The AWS SDK allows you to programmatically start and manage batch inference jobs, enabling seamless integration with your existing workflows and automation pipelines.
Collect and analyze the output
After a batch inference job is completed, Amazon Bedrock creates a dedicated folder in the specified S3 bucket with the job ID as the folder name, which contains a summary of the batch inference job and the processed inference data in JSONL format.
You can access the processed output in two convenient ways: through the Amazon S3 console or programmatically using the AWS SDK.
Access the output in the Amazon S3 console
To use the Amazon S3 console, complete the following steps:
- In the Amazon S3 console, bucket In the navigation pane.
- Go to the bucket you specified as the output destination for your batch inference job.
- In the bucket, find the folder with the batch inference job ID.
Within this folder you will find the processed data files which you can view and download as needed.
Accessing output data using the AWS SDKs
Alternatively, you can access the processed data programmatically using the AWS SDK. The following code example shows the output for the Anthropic Claude 3 model. If you used a different model, update the parameter values accordingly.
The output file contains not only the processed text, but also the observations and parameters used for inference. Below is a Python example.
In this example, we use the Anthropic Claude 3 model to read the output file from Amazon S3 and then process each line of the JSON data. To access the processed text, data('modelOutput')('content')(0)('text')
,observability data such as input and output tokens, model,outage reason, and inference parameters such as max tokens, temperature, top-p,,top-k.

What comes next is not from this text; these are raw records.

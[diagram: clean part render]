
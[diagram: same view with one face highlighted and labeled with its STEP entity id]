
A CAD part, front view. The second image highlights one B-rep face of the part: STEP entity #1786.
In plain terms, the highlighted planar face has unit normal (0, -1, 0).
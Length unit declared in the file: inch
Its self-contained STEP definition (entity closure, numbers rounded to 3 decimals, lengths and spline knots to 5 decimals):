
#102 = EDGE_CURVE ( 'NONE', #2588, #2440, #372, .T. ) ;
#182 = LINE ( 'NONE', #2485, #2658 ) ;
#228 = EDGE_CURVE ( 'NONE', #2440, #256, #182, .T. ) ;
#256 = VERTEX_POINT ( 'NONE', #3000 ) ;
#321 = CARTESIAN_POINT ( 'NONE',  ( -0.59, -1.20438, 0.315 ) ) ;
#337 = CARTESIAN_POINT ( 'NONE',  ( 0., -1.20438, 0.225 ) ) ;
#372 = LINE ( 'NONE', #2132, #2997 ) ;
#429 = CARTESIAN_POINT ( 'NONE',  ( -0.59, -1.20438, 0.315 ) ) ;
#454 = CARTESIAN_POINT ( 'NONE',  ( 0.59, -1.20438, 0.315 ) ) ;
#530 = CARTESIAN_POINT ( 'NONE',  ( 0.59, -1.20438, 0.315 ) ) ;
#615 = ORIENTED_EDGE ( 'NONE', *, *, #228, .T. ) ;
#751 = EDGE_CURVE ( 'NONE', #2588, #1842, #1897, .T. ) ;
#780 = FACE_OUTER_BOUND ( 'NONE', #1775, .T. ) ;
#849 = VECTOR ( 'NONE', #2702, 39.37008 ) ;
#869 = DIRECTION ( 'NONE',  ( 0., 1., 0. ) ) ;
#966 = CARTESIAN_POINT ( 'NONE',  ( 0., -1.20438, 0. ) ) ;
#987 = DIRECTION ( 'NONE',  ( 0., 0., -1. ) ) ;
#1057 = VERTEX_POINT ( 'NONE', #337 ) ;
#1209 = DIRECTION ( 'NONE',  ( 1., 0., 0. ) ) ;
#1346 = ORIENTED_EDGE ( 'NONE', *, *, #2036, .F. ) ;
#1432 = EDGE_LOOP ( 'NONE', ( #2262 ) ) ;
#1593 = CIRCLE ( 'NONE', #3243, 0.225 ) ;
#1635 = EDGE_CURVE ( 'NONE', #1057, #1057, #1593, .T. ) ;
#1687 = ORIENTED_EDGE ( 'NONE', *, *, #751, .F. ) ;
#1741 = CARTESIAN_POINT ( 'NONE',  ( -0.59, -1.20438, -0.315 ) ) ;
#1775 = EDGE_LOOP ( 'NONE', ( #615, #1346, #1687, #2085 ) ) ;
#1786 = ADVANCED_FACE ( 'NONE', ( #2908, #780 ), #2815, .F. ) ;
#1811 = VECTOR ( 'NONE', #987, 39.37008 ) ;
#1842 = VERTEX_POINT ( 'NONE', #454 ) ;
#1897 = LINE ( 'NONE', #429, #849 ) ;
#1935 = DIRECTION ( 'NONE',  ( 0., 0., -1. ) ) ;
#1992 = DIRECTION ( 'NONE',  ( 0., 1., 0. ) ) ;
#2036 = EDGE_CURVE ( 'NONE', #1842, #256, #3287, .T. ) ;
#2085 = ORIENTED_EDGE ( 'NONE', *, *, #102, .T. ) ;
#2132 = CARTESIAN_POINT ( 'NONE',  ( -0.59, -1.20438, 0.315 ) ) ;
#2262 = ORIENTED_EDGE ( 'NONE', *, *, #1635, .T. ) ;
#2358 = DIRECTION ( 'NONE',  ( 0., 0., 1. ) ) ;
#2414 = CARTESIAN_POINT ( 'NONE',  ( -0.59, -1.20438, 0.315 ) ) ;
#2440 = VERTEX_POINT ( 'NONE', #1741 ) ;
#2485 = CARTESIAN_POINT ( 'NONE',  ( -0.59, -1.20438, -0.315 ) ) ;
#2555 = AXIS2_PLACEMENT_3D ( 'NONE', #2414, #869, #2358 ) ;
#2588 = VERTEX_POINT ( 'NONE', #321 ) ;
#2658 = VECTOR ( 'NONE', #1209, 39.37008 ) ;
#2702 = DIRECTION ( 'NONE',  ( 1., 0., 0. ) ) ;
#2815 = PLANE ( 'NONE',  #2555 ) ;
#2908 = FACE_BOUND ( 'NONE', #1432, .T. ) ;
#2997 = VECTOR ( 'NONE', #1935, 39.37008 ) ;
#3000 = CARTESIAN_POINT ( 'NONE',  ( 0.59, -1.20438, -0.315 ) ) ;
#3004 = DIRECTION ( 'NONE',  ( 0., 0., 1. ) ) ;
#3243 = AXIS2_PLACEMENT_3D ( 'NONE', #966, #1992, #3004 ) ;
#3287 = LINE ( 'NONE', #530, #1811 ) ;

The output location specified for the batch inference job is manifest.json.out
A file that provides an overview of the records that were processed. This file includes information such as the total number of records processed, the number of records processed successfully, the number of records with errors, and the total number of input and output tokens.
You can then process this data as needed, for example by integrating it into existing workflows or performing further analysis.
Don’t forget to exchange your-bucket-name
, your-output-prefix
and your-output-file.jsonl.out
Use the actual value.
The AWS SDK enables you to programmatically access and manipulate processed data, observability information, inference parameters, and summary information from batch inference jobs, enabling seamless integration with your existing workflows and data pipelines.
Conclusion
Amazon Bedrock batch inference provides a solution to process multiple data inputs in a single API call, as demonstrated in the call center transcript summary example. This fully managed service is designed to handle data sets of various sizes, benefiting a wide range of industries and use cases.
We encourage you to implement batch inference in your projects and experience how you can optimize your interactions with FM at scale.
About the Author
Yanyan Chang YangYang is a Senior Generative AI Data Scientist at Amazon Web Services and a Generative AI Specialist working on cutting edge AI/ML technologies to help customers achieve their desired outcomes using Generative AI. YangYang graduated from Texas A&M University with a PhD in Electrical Engineering. Outside of work, he loves traveling, working out, and exploring new things.
Ishan Singh As a Generative AI Data Scientist at Amazon Web Services, Ishan helps customers build innovative and responsible Generative AI solutions and products. With extensive AI/ML experience, Ishan specializes in building Generative AI solutions that drive business value. Outside of work, he enjoys playing volleyball, exploring his local bike trails, and spending time with his wife and dog, Bo.
Rahul Virbhadra Mishra He is a Senior Software Engineer with Amazon Bedrock and is passionate about delighting customers by building practical solutions for AWS and Amazon. Outside of work, he enjoys sports and spending quality time with his family.
Mohammed Altaf He is an SDE for AWS AI services based in Seattle, US. He works in the AWS AI/ML technical domain and has worked on building various solutions across teams at Amazon. In his spare time, he enjoys playing chess, snooker and parlor games.